Task to complete:
Retype every line from the start of the data down to and including the line with "#315=VECTOR('',#1249,0.3937);". Skip the pictures.
*** Opening Dataset content ***
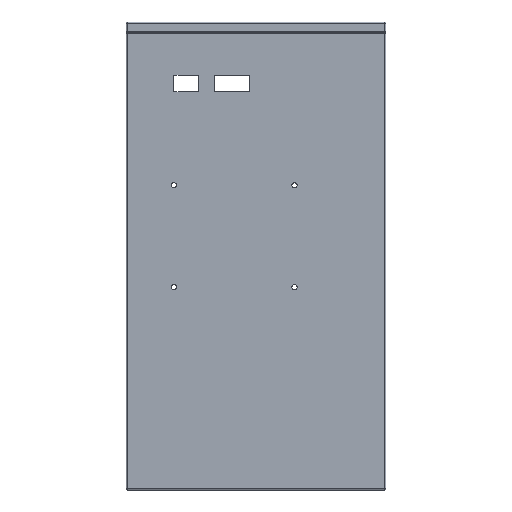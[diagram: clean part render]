
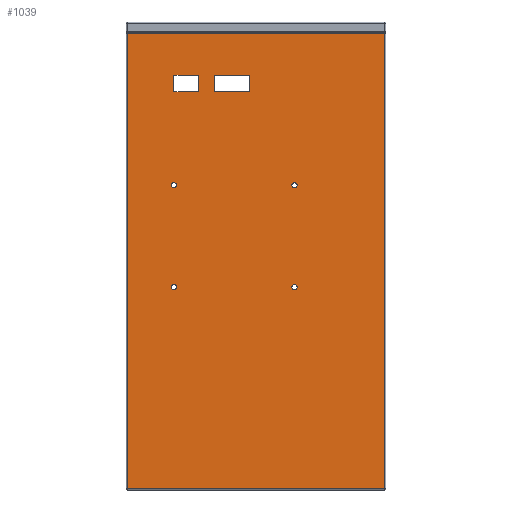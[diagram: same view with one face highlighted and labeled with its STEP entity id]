
A CAD part, left-side view. The second image highlights one B-rep face of the part: STEP entity #1039.
In plain terms, the highlighted planar face has unit normal (-1, 0, 0).
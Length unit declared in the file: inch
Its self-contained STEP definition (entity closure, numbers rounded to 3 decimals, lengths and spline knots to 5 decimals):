
#35=FACE_BOUND('',#211,.T.);
#36=FACE_BOUND('',#212,.T.);
#37=FACE_BOUND('',#213,.T.);
#38=FACE_BOUND('',#214,.T.);
#39=FACE_BOUND('',#215,.T.);
#40=FACE_BOUND('',#216,.T.);
#77=PLANE('',#1194);
#131=FACE_OUTER_BOUND('',#210,.T.);
#210=EDGE_LOOP('',(#909,#910,#911,#912));
#211=EDGE_LOOP('',(#913,#914,#915,#916,#917,#918,#919,#920));
#212=EDGE_LOOP('',(#921,#922,#923,#924,#925,#926,#927,#928));
#213=EDGE_LOOP('',(#929));
#214=EDGE_LOOP('',(#930));
#215=EDGE_LOOP('',(#931));
#216=EDGE_LOOP('',(#932));
#239=LINE('',#1569,#307);
#243=LINE('',#1581,#311);
#247=LINE('',#1593,#315);
#250=LINE('',#1602,#318);
#255=LINE('',#1617,#323);
#259=LINE('',#1629,#327);
#263=LINE('',#1641,#331);
#266=LINE('',#1650,#334);
#291=LINE('',#1776,#359);
#294=LINE('',#1780,#362);
#298=LINE('',#1786,#366);
#300=LINE('',#1789,#368);
#307=VECTOR('',#1225,0.3937);
#311=VECTOR('',#1237,0.3937);
#315=VECTOR('',#1249,0.3937);
#318=VECTOR('',#1260,0.3937);
#323=VECTOR('',#1273,0.3937);
#327=VECTOR('',#1285,0.3937);
#331=VECTOR('',#1297,0.3937);
#334=VECTOR('',#1308,0.3937);
#359=VECTOR('',#1459,0.3937);
#362=VECTOR('',#1464,0.3937);
#366=VECTOR('',#1472,0.3937);
#368=VECTOR('',#1476,0.3937);
#372=CIRCLE('',#1075,0.01969);
#374=CIRCLE('',#1079,0.01969);
#376=CIRCLE('',#1083,0.01969);
#378=CIRCLE('',#1087,0.01969);
#380=CIRCLE('',#1091,0.01969);
#382=CIRCLE('',#1095,0.01969);
#384=CIRCLE('',#1099,0.01969);
#386=CIRCLE('',#1103,0.01969);
#439=CIRCLE('',#1195,0.04921);
#440=CIRCLE('',#1196,0.04921);
#441=CIRCLE('',#1197,0.04921);
#442=CIRCLE('',#1198,0.04921);
#445=VERTEX_POINT('',#1559);
#446=VERTEX_POINT('',#1561);
#448=VERTEX_POINT('',#1567);
#450=VERTEX_POINT('',#1573);
#452=VERTEX_POINT('',#1579);
#454=VERTEX_POINT('',#1585);
#456=VERTEX_POINT('',#1591);
#458=VERTEX_POINT('',#1597);
#461=VERTEX_POINT('',#1607);
#462=VERTEX_POINT('',#1609);
#464=VERTEX_POINT('',#1615);
#466=VERTEX_POINT('',#1621);
#468=VERTEX_POINT('',#1627);
#470=VERTEX_POINT('',#1633);
#472=VERTEX_POINT('',#1639);
#474=VERTEX_POINT('',#1645);
#477=VERTEX_POINT('',#1655);
#483=VERTEX_POINT('',#1669);
#484=VERTEX_POINT('',#1673);
#497=VERTEX_POINT('',#1707);
#527=VERTEX_POINT('',#1829);
#528=VERTEX_POINT('',#1831);
#529=VERTEX_POINT('',#1833);
#530=VERTEX_POINT('',#1835);
#533=EDGE_CURVE('',#446,#445,#372,.T.);
#537=EDGE_CURVE('',#445,#448,#239,.T.);
#540=EDGE_CURVE('',#448,#450,#374,.T.);
#543=EDGE_CURVE('',#450,#452,#243,.T.);
#546=EDGE_CURVE('',#452,#454,#376,.T.);
#549=EDGE_CURVE('',#454,#456,#247,.T.);
#552=EDGE_CURVE('',#456,#458,#378,.T.);
#554=EDGE_CURVE('',#458,#446,#250,.T.);
#557=EDGE_CURVE('',#462,#461,#380,.T.);
#561=EDGE_CURVE('',#461,#464,#255,.T.);
#564=EDGE_CURVE('',#464,#466,#382,.T.);
#567=EDGE_CURVE('',#466,#468,#259,.T.);
#570=EDGE_CURVE('',#468,#470,#384,.T.);
#573=EDGE_CURVE('',#470,#472,#263,.T.);
#576=EDGE_CURVE('',#472,#474,#386,.T.);
#578=EDGE_CURVE('',#474,#462,#266,.T.);
#641=EDGE_CURVE('',#484,#497,#291,.T.);
#644=EDGE_CURVE('',#497,#483,#294,.T.);
#648=EDGE_CURVE('',#477,#484,#298,.T.);
#650=EDGE_CURVE('',#483,#477,#300,.T.);
#667=EDGE_CURVE('',#527,#527,#439,.T.);
#668=EDGE_CURVE('',#528,#528,#440,.T.);
#669=EDGE_CURVE('',#529,#529,#441,.T.);
#670=EDGE_CURVE('',#530,#530,#442,.T.);
#909=ORIENTED_EDGE('',*,*,#641,.F.);
#910=ORIENTED_EDGE('',*,*,#648,.F.);
#911=ORIENTED_EDGE('',*,*,#650,.F.);
#912=ORIENTED_EDGE('',*,*,#644,.F.);
#913=ORIENTED_EDGE('',*,*,#533,.T.);
#914=ORIENTED_EDGE('',*,*,#537,.T.);
#915=ORIENTED_EDGE('',*,*,#540,.T.);
#916=ORIENTED_EDGE('',*,*,#543,.T.);
#917=ORIENTED_EDGE('',*,*,#546,.T.);
#918=ORIENTED_EDGE('',*,*,#549,.T.);
#919=ORIENTED_EDGE('',*,*,#552,.T.);
#920=ORIENTED_EDGE('',*,*,#554,.T.);
#921=ORIENTED_EDGE('',*,*,#557,.T.);
#922=ORIENTED_EDGE('',*,*,#561,.T.);
#923=ORIENTED_EDGE('',*,*,#564,.T.);
#924=ORIENTED_EDGE('',*,*,#567,.T.);
#925=ORIENTED_EDGE('',*,*,#570,.T.);
#926=ORIENTED_EDGE('',*,*,#573,.T.);
#927=ORIENTED_EDGE('',*,*,#576,.T.);
#928=ORIENTED_EDGE('',*,*,#578,.T.);
#929=ORIENTED_EDGE('',*,*,#667,.T.);
#930=ORIENTED_EDGE('',*,*,#668,.T.);
#931=ORIENTED_EDGE('',*,*,#669,.T.);
#932=ORIENTED_EDGE('',*,*,#670,.T.);
#1039=ADVANCED_FACE('',(#131,#35,#36,#37,#38,#39,#40),#77,.T.);
#1075=AXIS2_PLACEMENT_3D('',#1562,#1218,#1219);
#1079=AXIS2_PLACEMENT_3D('',#1575,#1231,#1232);
#1083=AXIS2_PLACEMENT_3D('',#1587,#1243,#1244);
#1087=AXIS2_PLACEMENT_3D('',#1599,#1255,#1256);
#1091=AXIS2_PLACEMENT_3D('',#1610,#1266,#1267);
#1095=AXIS2_PLACEMENT_3D('',#1623,#1279,#1280);
#1099=AXIS2_PLACEMENT_3D('',#1635,#1291,#1292);
#1103=AXIS2_PLACEMENT_3D('',#1647,#1303,#1304);
#1194=AXIS2_PLACEMENT_3D('',#1828,#1523,#1524);
#1195=AXIS2_PLACEMENT_3D('',#1830,#1525,#1526);
#1196=AXIS2_PLACEMENT_3D('',#1832,#1527,#1528);
#1197=AXIS2_PLACEMENT_3D('',#1834,#1529,#1530);
#1198=AXIS2_PLACEMENT_3D('',#1836,#1531,#1532);
#1218=DIRECTION('center_axis',(1.,0.,0.));
#1219=DIRECTION('ref_axis',(0.,0.,1.));
#1225=DIRECTION('',(0.,0.,-1.));
#1231=DIRECTION('center_axis',(1.,0.,0.));
#1232=DIRECTION('ref_axis',(0.,-1.,0.));
#1237=DIRECTION('',(0.,1.,0.));
#1243=DIRECTION('center_axis',(1.,0.,0.));
#1244=DIRECTION('ref_axis',(0.,0.,-1.));
#1249=DIRECTION('',(0.,0.,1.));
#1255=DIRECTION('center_axis',(1.,0.,0.));
#1256=DIRECTION('ref_axis',(0.,1.,0.));
#1260=DIRECTION('',(0.,-1.,0.));
#1266=DIRECTION('center_axis',(1.,0.,0.));
#1267=DIRECTION('ref_axis',(0.,1.,0.));
#1273=DIRECTION('',(0.,-1.,0.));
#1279=DIRECTION('center_axis',(1.,0.,0.));
#1280=DIRECTION('ref_axis',(0.,0.,1.));
#1285=DIRECTION('',(0.,0.,-1.));
#1291=DIRECTION('center_axis',(1.,0.,0.));
#1292=DIRECTION('ref_axis',(0.,-1.,0.));
#1297=DIRECTION('',(0.,1.,0.));
#1303=DIRECTION('center_axis',(1.,0.,0.));
#1304=DIRECTION('ref_axis',(0.,0.,-1.));
#1308=DIRECTION('',(0.,0.,1.));
#1459=DIRECTION('',(0.,-1.,0.));
#1464=DIRECTION('',(0.,0.,-1.));
#1472=DIRECTION('',(0.,0.,1.));
#1476=DIRECTION('',(0.,1.,0.));
#1523=DIRECTION('center_axis',(-1.,0.,0.));
#1524=DIRECTION('ref_axis',(0.,0.,1.));
#1525=DIRECTION('center_axis',(1.,0.,0.));
#1526=DIRECTION('ref_axis',(0.,0.,-1.));
#1527=DIRECTION('center_axis',(1.,0.,0.));
#1528=DIRECTION('ref_axis',(0.,0.,-1.));
#1529=DIRECTION('center_axis',(1.,0.,0.));
#1530=DIRECTION('ref_axis',(0.,0.,-1.));
#1531=DIRECTION('center_axis',(1.,0.,0.));
#1532=DIRECTION('ref_axis',(0.,0.,-1.));
#1559=CARTESIAN_POINT('',(-0.19685,3.54331,-1.02362));
#1561=CARTESIAN_POINT('',(-0.19685,3.56299,-1.00394));
#1562=CARTESIAN_POINT('Origin',(-0.19685,3.56299,-1.02362));
#1567=CARTESIAN_POINT('',(-0.19685,3.54331,-1.29921));
#1569=CARTESIAN_POINT('',(-0.19685,3.54331,-5.07874));
#1573=CARTESIAN_POINT('',(-0.19685,3.56299,-1.3189));
#1575=CARTESIAN_POINT('Origin',(-0.19685,3.56299,-1.29921));
#1579=CARTESIAN_POINT('',(-0.19685,3.99606,-1.3189));
#1581=CARTESIAN_POINT('',(-0.19685,1.99803,-1.3189));
#1585=CARTESIAN_POINT('',(-0.19685,4.01575,-1.29921));
#1587=CARTESIAN_POINT('Origin',(-0.19685,3.99606,-1.29921));
#1591=CARTESIAN_POINT('',(-0.19685,4.01575,-1.02362));
#1593=CARTESIAN_POINT('',(-0.19685,4.01575,-4.94094));
#1597=CARTESIAN_POINT('',(-0.19685,3.99606,-1.00394));
#1599=CARTESIAN_POINT('Origin',(-0.19685,3.99606,-1.02362));
#1602=CARTESIAN_POINT('',(-0.19685,1.7815,-1.00394));
#1607=CARTESIAN_POINT('',(-0.19685,3.22923,-1.00394));
#1609=CARTESIAN_POINT('',(-0.19685,3.24891,-1.02362));
#1610=CARTESIAN_POINT('Origin',(-0.19685,3.22923,-1.02362));
#1615=CARTESIAN_POINT('',(-0.19685,2.59931,-1.00394));
#1617=CARTESIAN_POINT('',(-0.19685,1.29965,-1.00394));
#1621=CARTESIAN_POINT('',(-0.19685,2.57962,-1.02362));
#1623=CARTESIAN_POINT('Origin',(-0.19685,2.59931,-1.02362));
#1627=CARTESIAN_POINT('',(-0.19685,2.57962,-1.29921));
#1629=CARTESIAN_POINT('',(-0.19685,2.57962,-5.07874));
#1633=CARTESIAN_POINT('',(-0.19685,2.59931,-1.3189));
#1635=CARTESIAN_POINT('Origin',(-0.19685,2.59931,-1.29921));
#1639=CARTESIAN_POINT('',(-0.19685,3.22923,-1.3189));
#1641=CARTESIAN_POINT('',(-0.19685,1.61461,-1.3189));
#1645=CARTESIAN_POINT('',(-0.19685,3.24891,-1.29921));
#1647=CARTESIAN_POINT('Origin',(-0.19685,3.22923,-1.29921));
#1650=CARTESIAN_POINT('',(-0.19685,3.24891,-4.94094));
#1655=CARTESIAN_POINT('',(-0.19685,4.90157,-8.83858));
#1669=CARTESIAN_POINT('',(-0.19685,0.01969,-8.83858));
#1673=CARTESIAN_POINT('',(-0.19685,4.90157,-0.21654));
#1707=CARTESIAN_POINT('',(-0.19685,0.01969,-0.21654));
#1776=CARTESIAN_POINT('',(-0.19685,0.,-0.21654));
#1780=CARTESIAN_POINT('',(-0.19685,0.01969,-6.43141));
#1786=CARTESIAN_POINT('',(-0.19685,4.90157,-6.43141));
#1789=CARTESIAN_POINT('',(-0.19685,0.,-8.83858));
#1828=CARTESIAN_POINT('Origin',(-0.19685,0.,-8.85827));
#1829=CARTESIAN_POINT('',(-0.19685,4.01575,-4.97047));
#1830=CARTESIAN_POINT('Origin',(-0.19685,4.01575,-5.01969));
#1831=CARTESIAN_POINT('',(-0.19685,1.73228,-4.97047));
#1832=CARTESIAN_POINT('Origin',(-0.19685,1.73228,-5.01969));
#1833=CARTESIAN_POINT('',(-0.19685,1.73228,-3.04134));
#1834=CARTESIAN_POINT('Origin',(-0.19685,1.73228,-3.09055));
#1835=CARTESIAN_POINT('',(-0.19685,4.01575,-3.04134));
#1836=CARTESIAN_POINT('Origin',(-0.19685,4.01575,-3.09055));
*** Closing Dataset content ***
Task output:
[diagram: clean part render]
[diagram: same view with one face highlighted and labeled with its STEP entity id]
A CAD part, left-side view. The second image highlights one B-rep face of the part: STEP entity #1039.
In plain terms, the highlighted planar face has unit normal (-1, 0, 0).
Length unit declared in the file: inch
Its self-contained STEP definition (entity closure, numbers rounded to 3 decimals, lengths and spline knots to 5 decimals):
#35=FACE_BOUND('',#211,.T.);
#36=FACE_BOUND('',#212,.T.);
#37=FACE_BOUND('',#213,.T.);
#38=FACE_BOUND('',#214,.T.);
#39=FACE_BOUND('',#215,.T.);
#40=FACE_BOUND('',#216,.T.);
#77=PLANE('',#1194);
#131=FACE_OUTER_BOUND('',#210,.T.);
#210=EDGE_LOOP('',(#909,#910,#911,#912));
#211=EDGE_LOOP('',(#913,#914,#915,#916,#917,#918,#919,#920));
#212=EDGE_LOOP('',(#921,#922,#923,#924,#925,#926,#927,#928));
#213=EDGE_LOOP('',(#929));
#214=EDGE_LOOP('',(#930));
#215=EDGE_LOOP('',(#931));
#216=EDGE_LOOP('',(#932));
#239=LINE('',#1569,#307);
#243=LINE('',#1581,#311);
#247=LINE('',#1593,#315);
#250=LINE('',#1602,#318);
#255=LINE('',#1617,#323);
#259=LINE('',#1629,#327);
#263=LINE('',#1641,#331);
#266=LINE('',#1650,#334);
#291=LINE('',#1776,#359);
#294=LINE('',#1780,#362);
#298=LINE('',#1786,#366);
#300=LINE('',#1789,#368);
#307=VECTOR('',#1225,0.3937);
#311=VECTOR('',#1237,0.3937);
#315=VECTOR('',#1249,0.3937);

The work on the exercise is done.